Eppoi l’Europa fornisce chiari esempi di contrarietà circa questi principi cui si appellano le toghe italiane. La Germania ha recentemente rimpatriato vari immigrati nella Afghanistan governata dai talebani, i quali hanno trasformato il paese in uno dei luoghi più pericolosi al mondo assieme ad altre dittature e teocrazie islamiche. L’imam di Bologna, alcuni giorni fa, è stato espulso verso il Pakistan, suo paese d’origine, per l’apologia del terrorismo e di Hamas che costui faceva nella moschea che governava. Estendendo il principio di paese sicuro citato dal Tribunale di Roma a tutto il mondo, neanche l’imam pakistano avremmo potuto mandar fuori dalle scatole dato che il Pakistan non risulta certo essere un paese sicuro nella sua integralità geografica.

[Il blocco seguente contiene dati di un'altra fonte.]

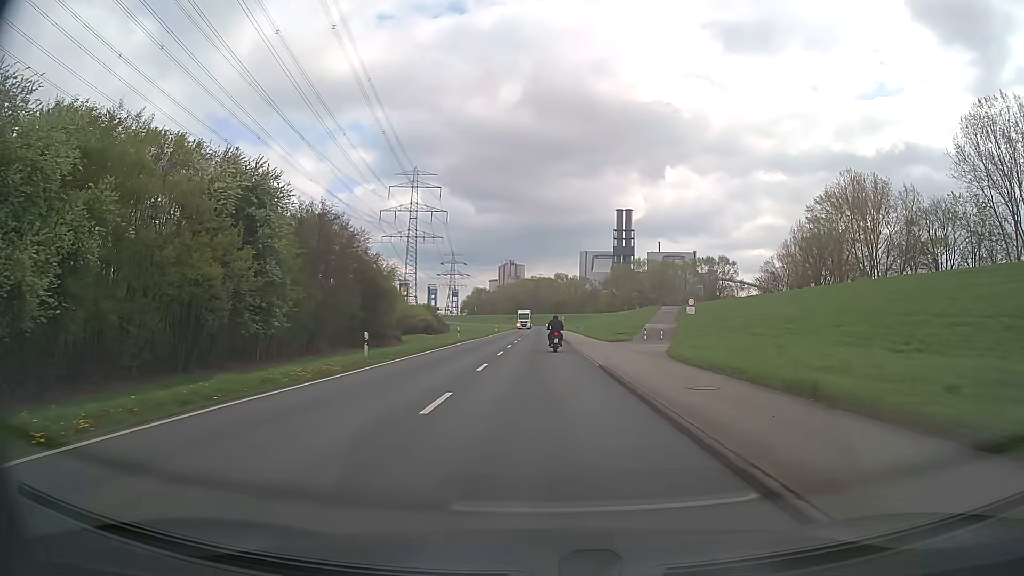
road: secondary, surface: asphalt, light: Day
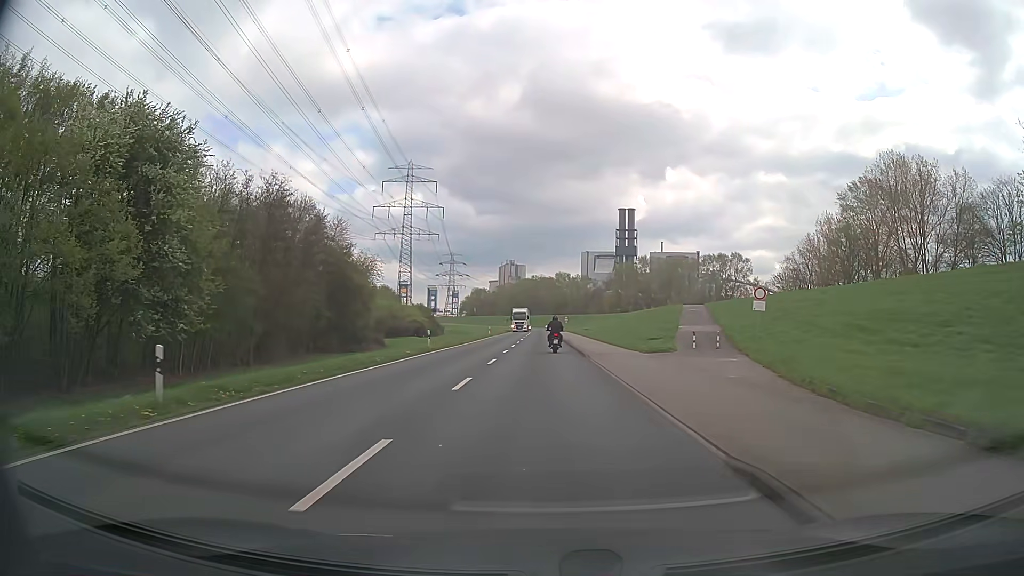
(0.0, +14.3) m; 0°
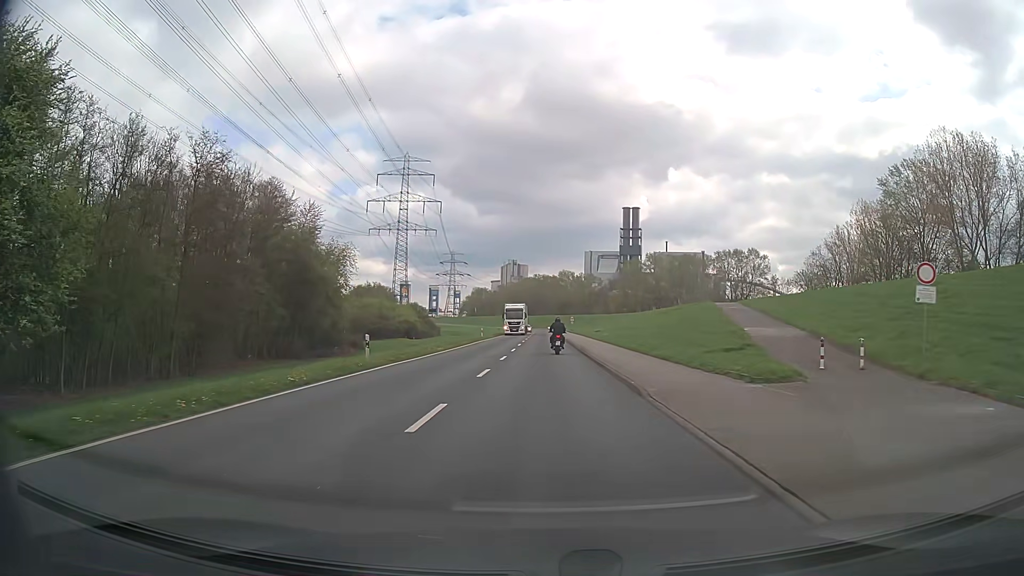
(0.0, +14.2) m; 0°
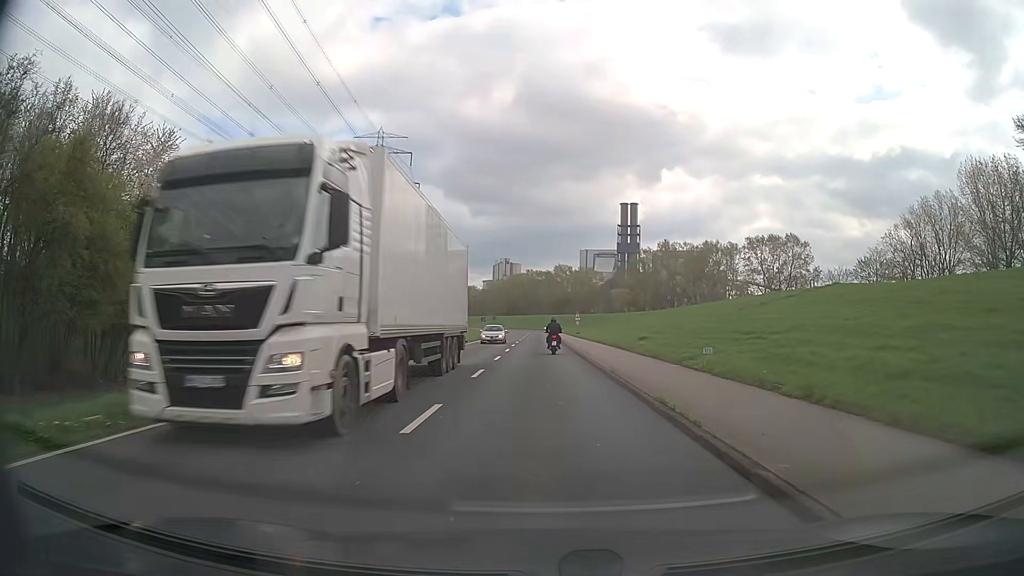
(+0.3, +36.0) m; +1°
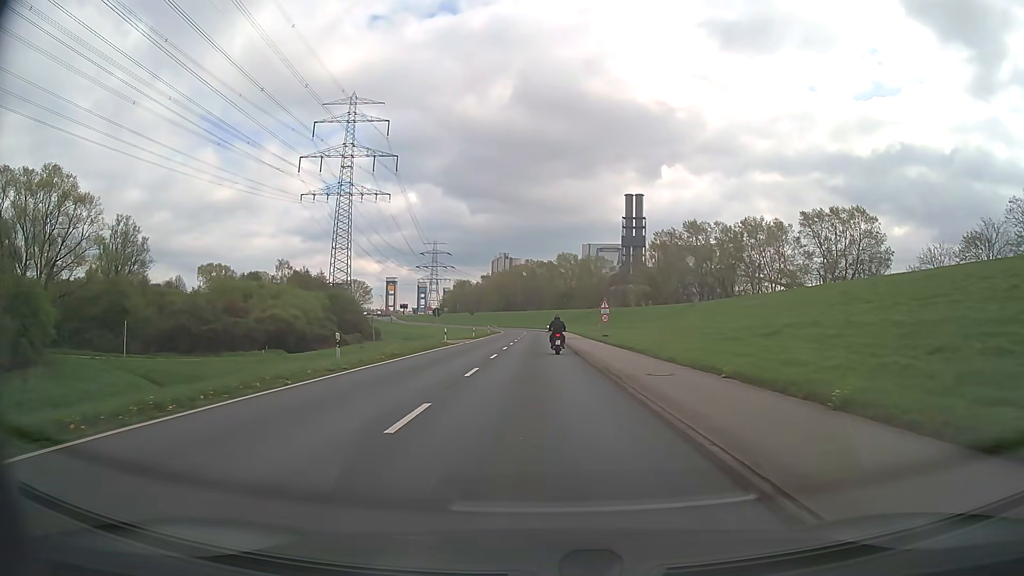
(+0.1, +36.0) m; 0°
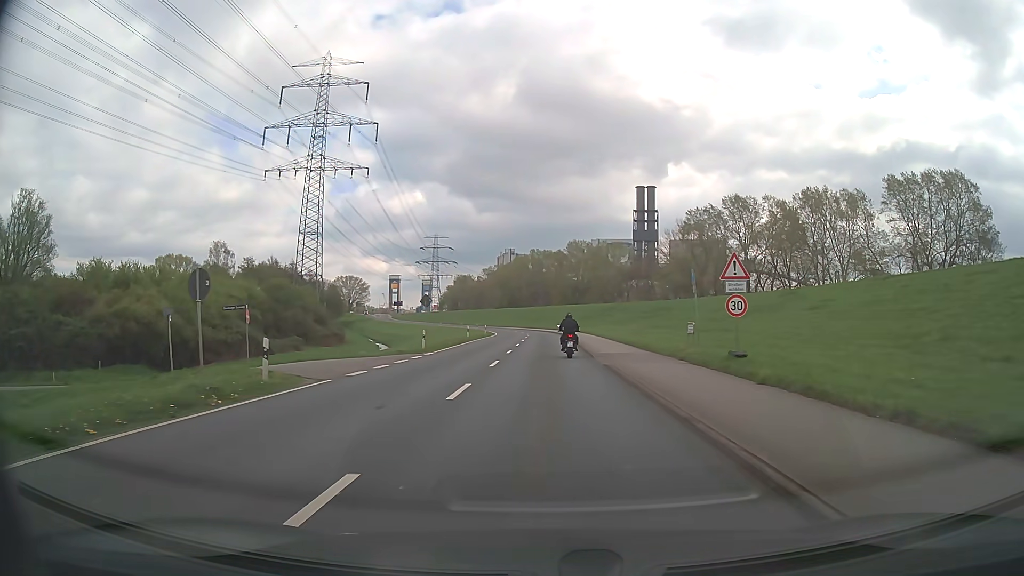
(-0.1, +32.0) m; -1°
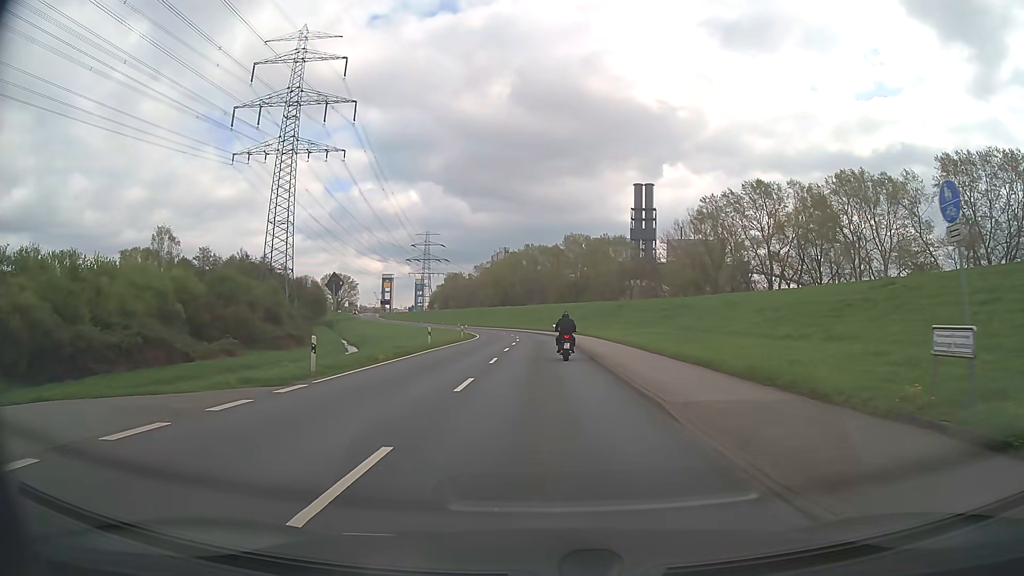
(0.0, +16.5) m; 0°
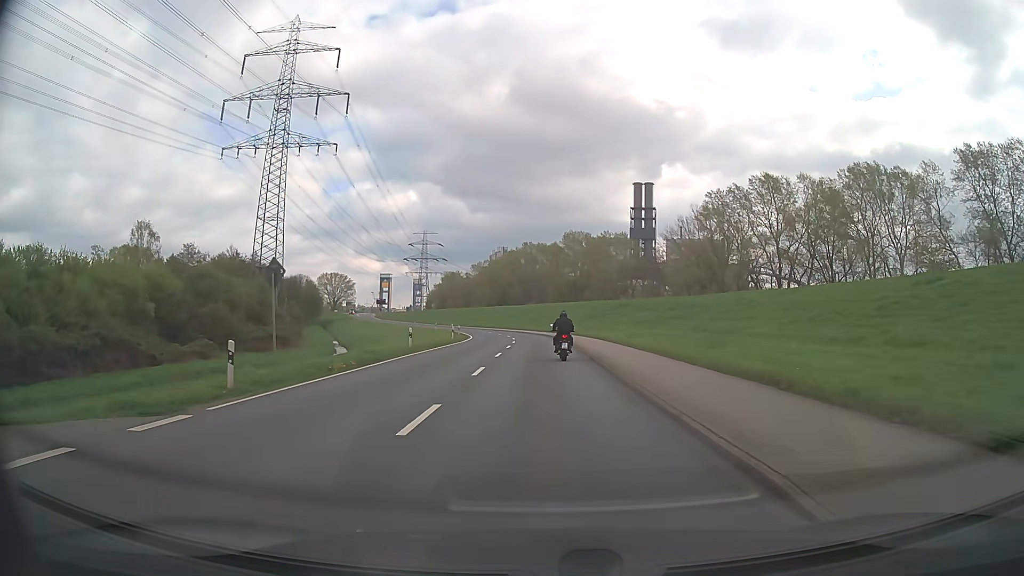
(0.0, +5.2) m; 0°
(0, +10) (0, +20) (0, +30) (0, +40) (0, +50) (-1, +60) (-2, +70) (-4, +80) (-6, +90) (-8, +99) m

Una sentenza a dir poco “sospetta”
Data la nota militanza della dottoressa Albano nella corrente di Magistratura democratica che ella oltretutto presiede, e dati i suoi numerosi interventi passati sul tema dell’accoglienza degli immigrati che lei vorrebbe pressoché illimitata, adducendo argomentazioni francamente povere e banalmente commoventi, sorge spontaneo il dubbio che si sia trattato di una decisione squisitamente politica dettata da motivi ideologici. E dopo la pubblicità che la dottoressa si è fatta apparendo in dibattiti pubblici apertamente schierati, non può di certo sorprendersi sei ci poniamo il dubbio circa la sua imparzialità e terzietà. I magistrati devono apparir tali, oltre che esserlo.
La sinistra, come dicevamo all’inizio, furoreggia ripetendo le solite amenità tipiche di chi considera il potere giudiziario come assoluto e non come incastonato in un contesto democratico che prevede la presenza anche di quelli esecutivo e legislativo. Dai capi agli usceri dei partiti della sinistra italiana è tutto un ripetere che le decisioni dei magistrati si rispettano senza fiatare, ignorando questioni enormi come la separazione dei poteri dello Stato, la gerarchia delle fonti del diritto e la possibilità per il popolo italiano di essere affiancato da una casta togata che quantomeno non si presenti come partigiana e di parte. E, perché no, che possibilmente non decida chi e come possa governare questo paese.